■ Records supplied ■
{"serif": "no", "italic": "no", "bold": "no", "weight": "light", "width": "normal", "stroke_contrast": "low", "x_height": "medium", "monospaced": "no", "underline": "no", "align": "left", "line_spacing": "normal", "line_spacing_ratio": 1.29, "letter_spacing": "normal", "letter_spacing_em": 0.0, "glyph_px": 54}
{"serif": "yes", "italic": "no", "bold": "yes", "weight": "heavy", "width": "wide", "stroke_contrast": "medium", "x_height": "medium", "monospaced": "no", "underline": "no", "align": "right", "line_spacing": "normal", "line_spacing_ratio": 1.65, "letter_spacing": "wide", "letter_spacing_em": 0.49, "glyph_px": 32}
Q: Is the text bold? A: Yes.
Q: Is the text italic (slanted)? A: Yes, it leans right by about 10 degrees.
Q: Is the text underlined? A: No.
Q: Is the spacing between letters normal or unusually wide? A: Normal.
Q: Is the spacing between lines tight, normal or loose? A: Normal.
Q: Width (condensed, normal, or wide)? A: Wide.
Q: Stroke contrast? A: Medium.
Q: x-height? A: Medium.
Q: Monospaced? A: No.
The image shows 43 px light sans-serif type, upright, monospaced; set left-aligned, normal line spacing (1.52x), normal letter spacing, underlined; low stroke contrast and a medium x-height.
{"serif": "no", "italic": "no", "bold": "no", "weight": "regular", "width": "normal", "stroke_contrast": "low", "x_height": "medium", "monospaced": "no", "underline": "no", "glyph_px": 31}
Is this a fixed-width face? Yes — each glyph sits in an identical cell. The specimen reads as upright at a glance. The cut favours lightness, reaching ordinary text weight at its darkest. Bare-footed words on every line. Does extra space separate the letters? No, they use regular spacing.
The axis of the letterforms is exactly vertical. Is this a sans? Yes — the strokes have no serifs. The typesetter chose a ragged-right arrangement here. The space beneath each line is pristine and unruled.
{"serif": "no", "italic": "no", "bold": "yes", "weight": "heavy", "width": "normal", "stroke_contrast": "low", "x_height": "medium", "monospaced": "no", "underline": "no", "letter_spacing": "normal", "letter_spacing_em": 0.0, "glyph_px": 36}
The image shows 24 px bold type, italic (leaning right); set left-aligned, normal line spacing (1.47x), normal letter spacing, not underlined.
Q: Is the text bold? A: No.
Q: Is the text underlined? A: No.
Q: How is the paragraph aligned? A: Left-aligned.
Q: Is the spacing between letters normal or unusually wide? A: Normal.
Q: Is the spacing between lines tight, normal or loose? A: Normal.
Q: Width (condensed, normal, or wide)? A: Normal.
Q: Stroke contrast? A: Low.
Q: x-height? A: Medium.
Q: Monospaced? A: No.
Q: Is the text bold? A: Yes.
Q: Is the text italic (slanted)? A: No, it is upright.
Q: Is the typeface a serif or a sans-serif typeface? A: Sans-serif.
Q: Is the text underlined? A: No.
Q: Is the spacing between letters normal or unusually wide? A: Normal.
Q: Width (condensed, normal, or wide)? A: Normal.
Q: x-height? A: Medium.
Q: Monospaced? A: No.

■ Directions for this task ■
I need the number of lines in the entries that include "shows"; please give that number and nothing else.

■ Result below ■
2